## RECORDS SHOWN
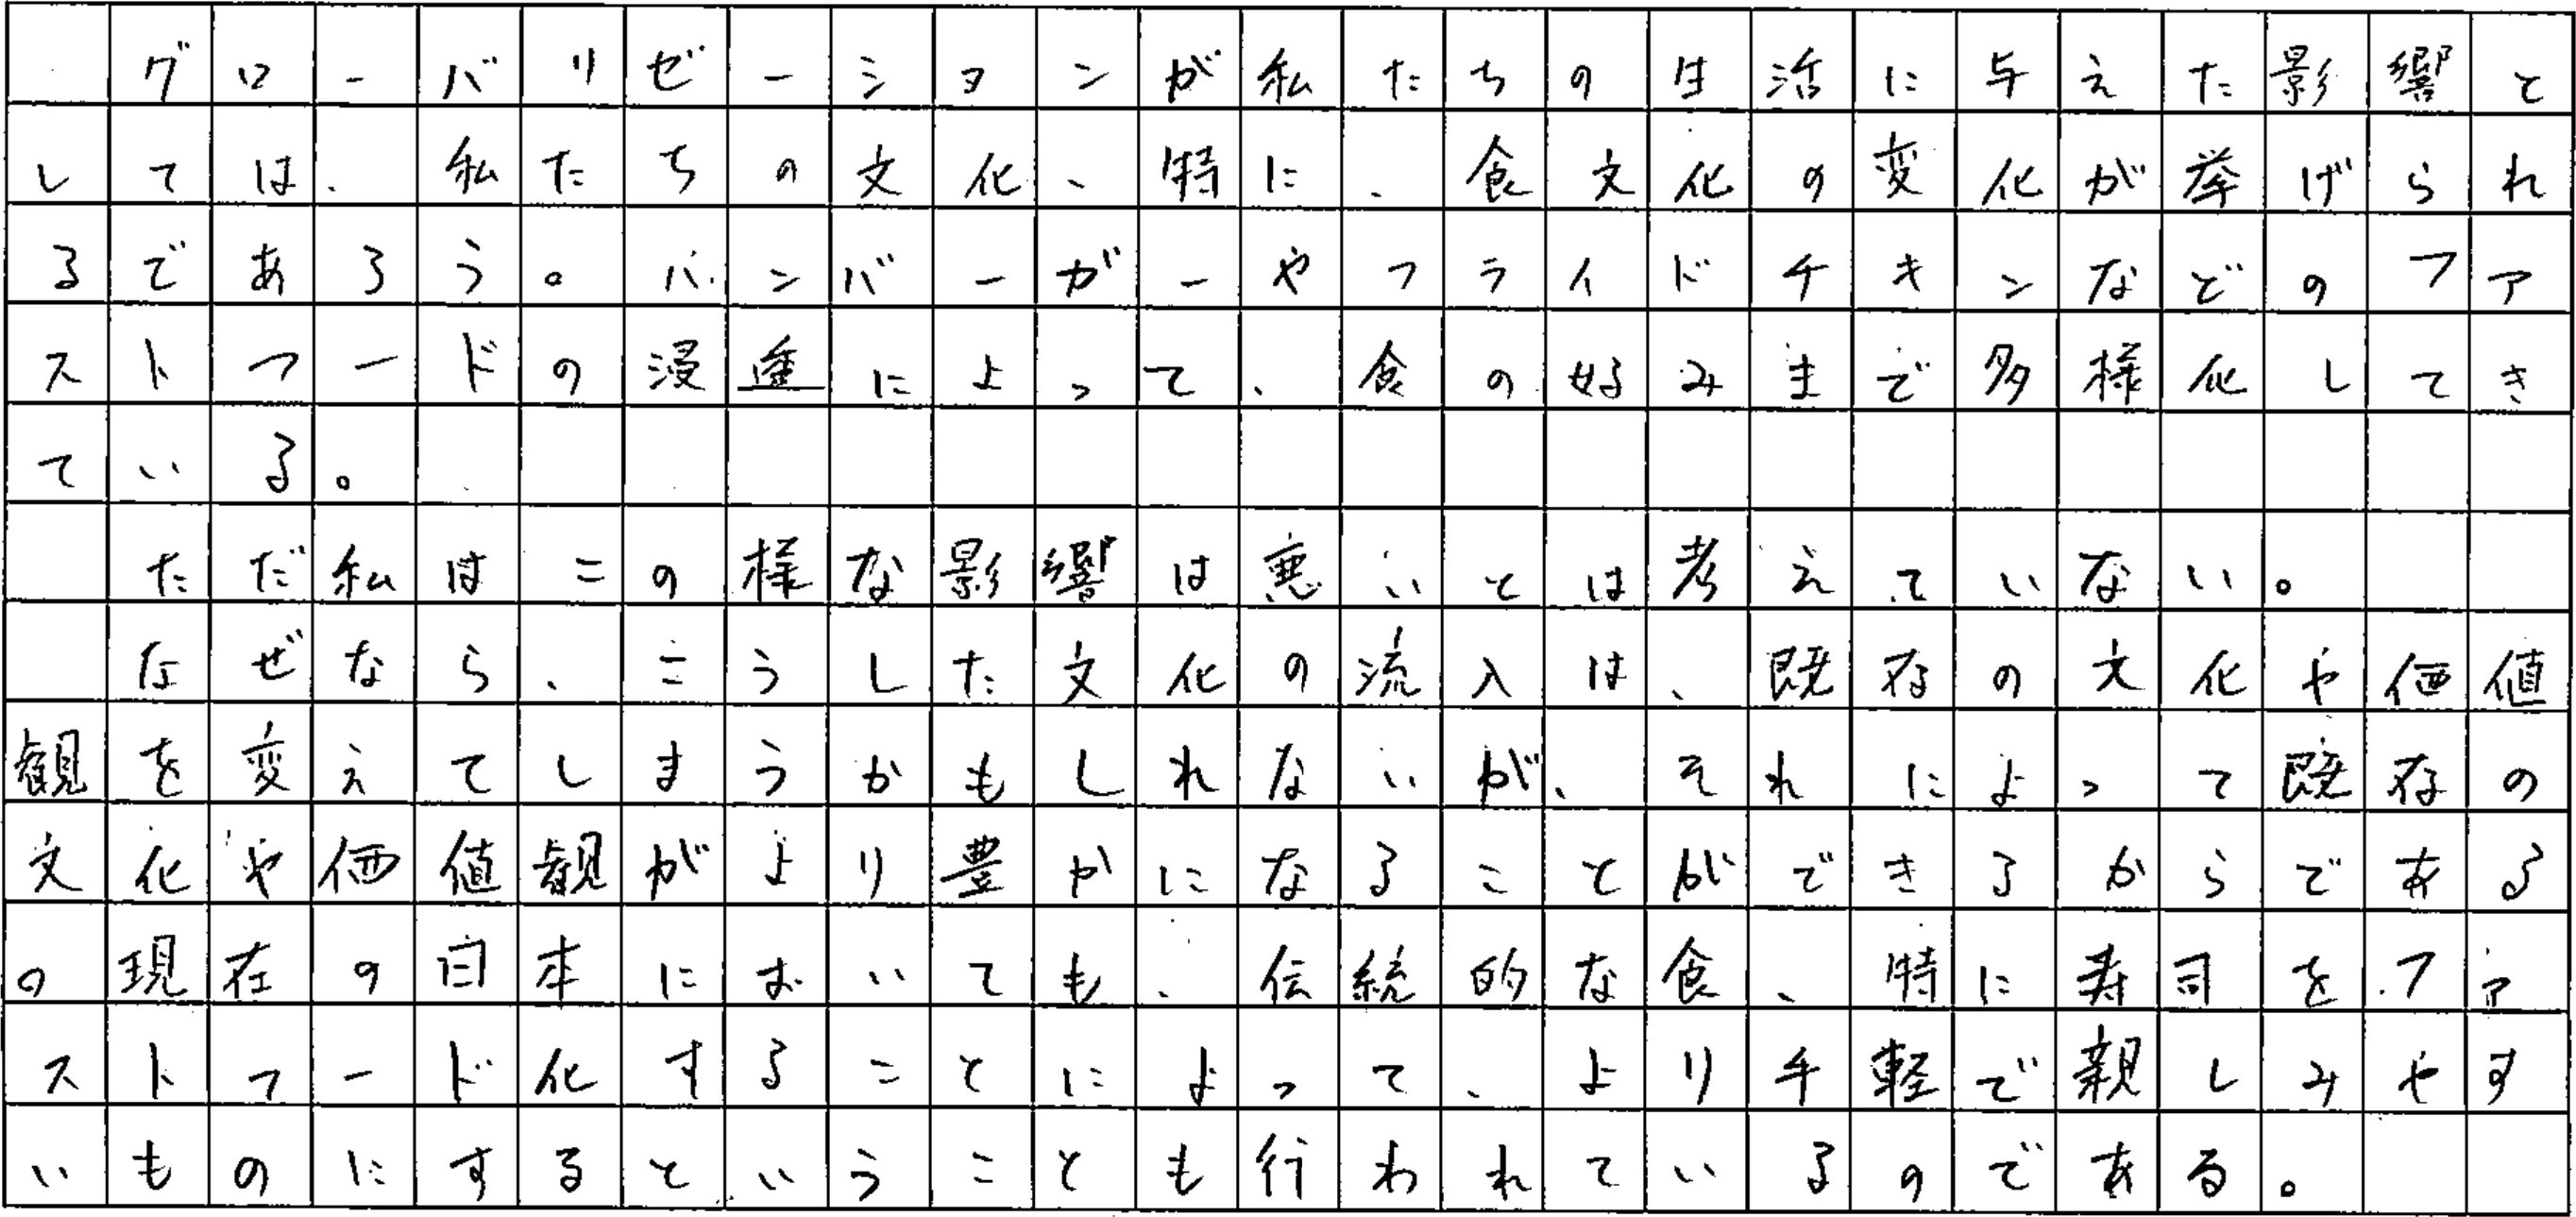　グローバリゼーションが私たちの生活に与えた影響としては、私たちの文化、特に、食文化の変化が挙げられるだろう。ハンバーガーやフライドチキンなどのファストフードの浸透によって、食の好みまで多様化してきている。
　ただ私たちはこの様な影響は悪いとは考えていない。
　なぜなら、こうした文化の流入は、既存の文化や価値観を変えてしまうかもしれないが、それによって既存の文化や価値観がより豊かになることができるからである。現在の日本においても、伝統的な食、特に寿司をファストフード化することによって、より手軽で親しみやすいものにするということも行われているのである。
--
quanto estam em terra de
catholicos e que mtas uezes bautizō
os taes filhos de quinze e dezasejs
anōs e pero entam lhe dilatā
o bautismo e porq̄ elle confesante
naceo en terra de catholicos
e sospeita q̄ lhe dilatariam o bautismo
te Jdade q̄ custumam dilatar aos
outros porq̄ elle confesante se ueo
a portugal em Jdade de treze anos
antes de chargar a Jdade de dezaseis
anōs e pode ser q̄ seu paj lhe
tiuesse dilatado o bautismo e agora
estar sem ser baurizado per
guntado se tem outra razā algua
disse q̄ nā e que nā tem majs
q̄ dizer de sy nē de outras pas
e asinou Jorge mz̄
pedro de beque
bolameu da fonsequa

## REQUIRED ACTION
Everything above from the line containing "o bautismo e porq̄ elle confesante" through the line containing "bolameu da fonsequa" must be copied exactly. Nothing outside that range belongs in the answer.

## SOLUTION
o bautismo e porq̄ elle confesante
naceo en terra de catholicos
e sospeita q̄ lhe dilatariam o bautismo
te Jdade q̄ custumam dilatar aos
outros porq̄ elle confesante se ueo
a portugal em Jdade de treze anos
antes de chargar a Jdade de dezaseis
anōs e pode ser q̄ seu paj lhe
tiuesse dilatado o bautismo e agora
estar sem ser baurizado per
guntado se tem outra razā algua
disse q̄ nā e que nā tem majs
q̄ dizer de sy nē de outras pas
e asinou Jorge mz̄
pedro de beque
bolameu da fonsequa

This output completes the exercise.